#### [Task details]
Please restate word for word the line holding "The person follows" and every following line through the end of the entries.
*** Block opens ***
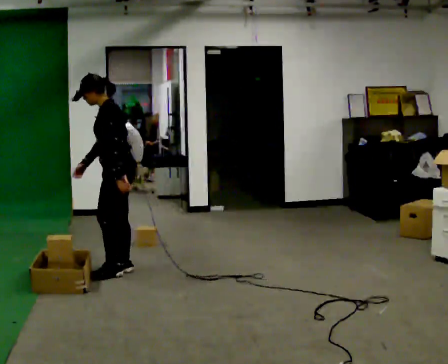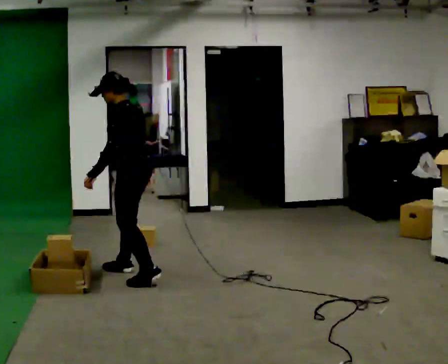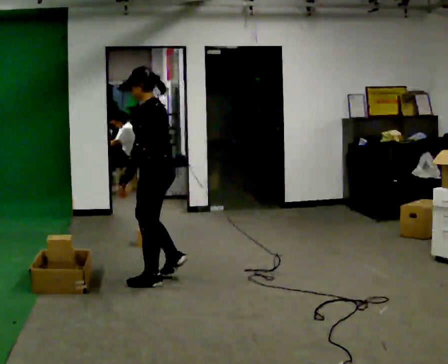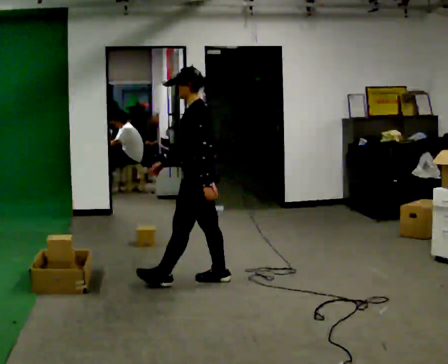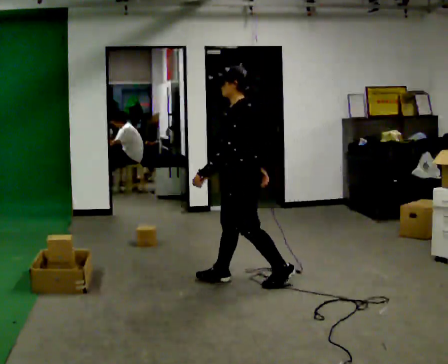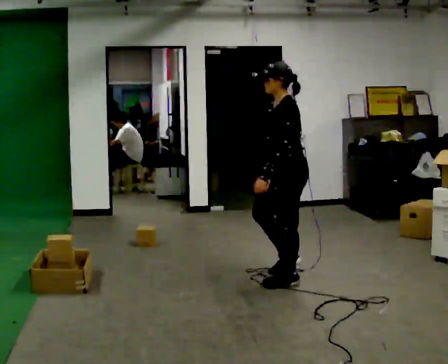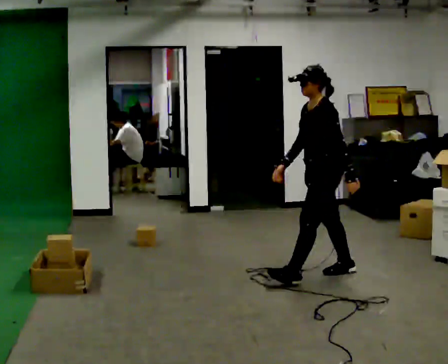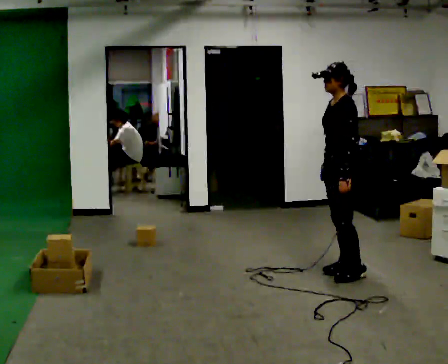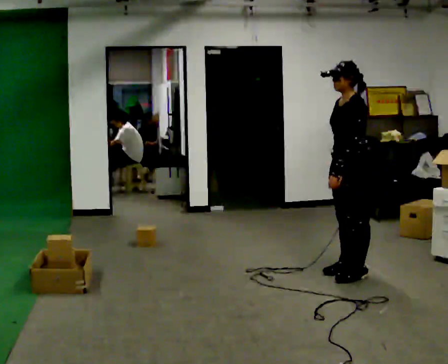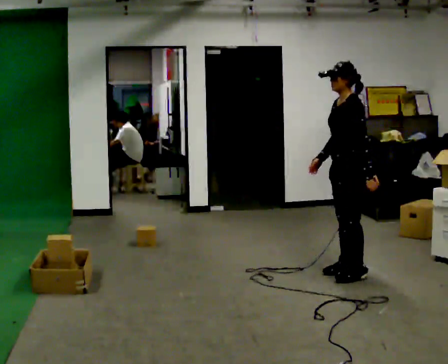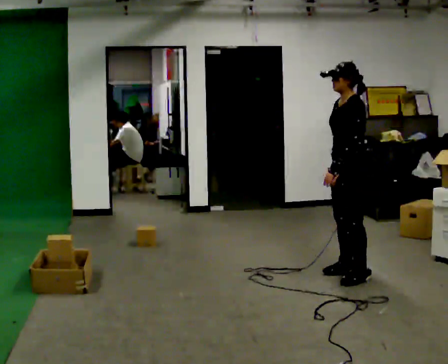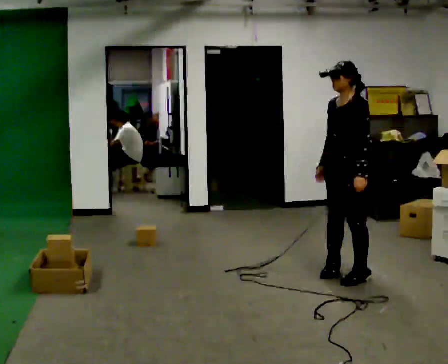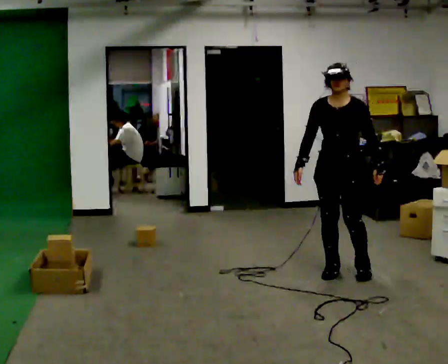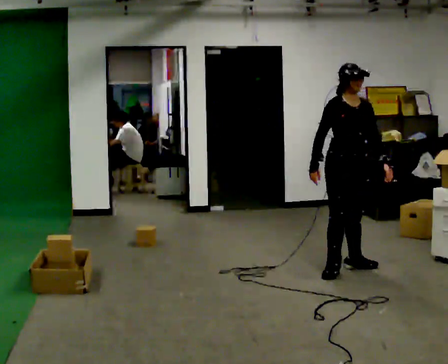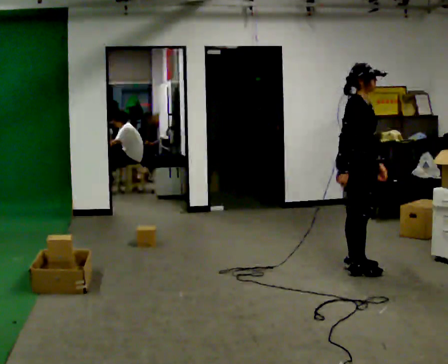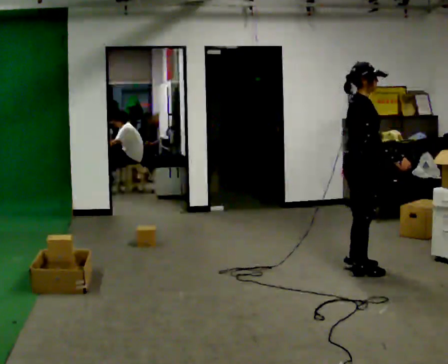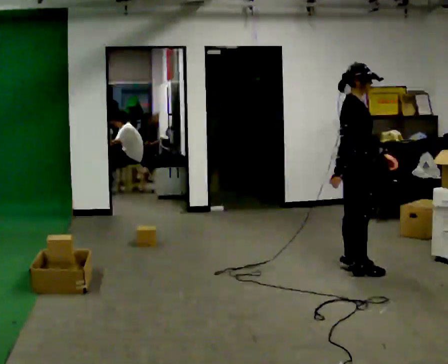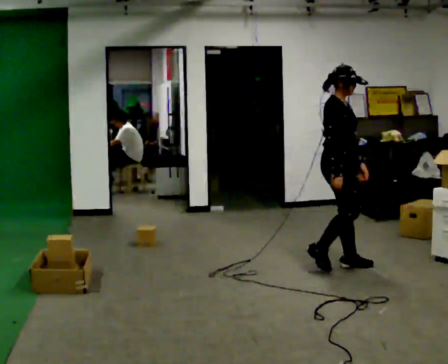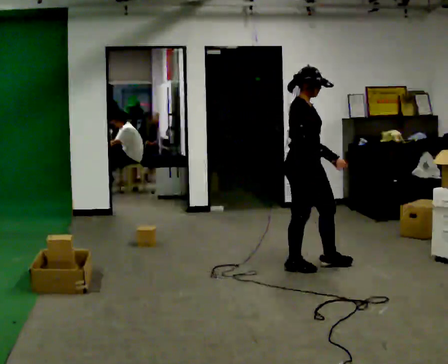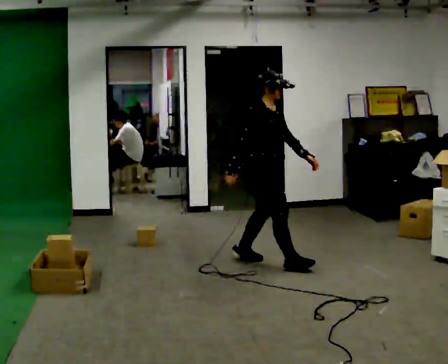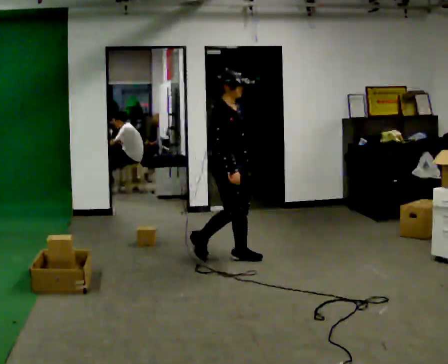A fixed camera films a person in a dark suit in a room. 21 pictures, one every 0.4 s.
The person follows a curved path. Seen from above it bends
counterclockwise.
0.0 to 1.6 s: In the picture they go to the right, about 1 m in 3 steps, which for them is backward.
1.6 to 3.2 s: In the picture they go to the right, about 1 m in 2 steps, which for them is backward.
3.2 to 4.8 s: Seen from above the body turns counterclockwise, about 45 degrees: to their left, with its near side sliding to the right.
4.8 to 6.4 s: Seen from above the body turns counterclockwise, about 105 degrees: to their left, with its near side sliding to the right. In the picture their right hand goes to the right.
6.4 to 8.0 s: In the picture they go to the left, about 1 m in 3 steps, which for them is backward.
The film runs backward here.
*** Block closes ***
#### [Result]
The person follows a curved path. Seen from above it bends
counterclockwise.
0.0 to 1.6 s: In the picture they go to the right, about 1 m in 3 steps, which for them is backward.
1.6 to 3.2 s: In the picture they go to the right, about 1 m in 2 steps, which for them is backward.
3.2 to 4.8 s: Seen from above the body turns counterclockwise, about 45 degrees: to their left, with its near side sliding to the right.
4.8 to 6.4 s: Seen from above the body turns counterclockwise, about 105 degrees: to their left, with its near side sliding to the right. In the picture their right hand goes to the right.
6.4 to 8.0 s: In the picture they go to the left, about 1 m in 3 steps, which for them is backward.
The film runs backward here.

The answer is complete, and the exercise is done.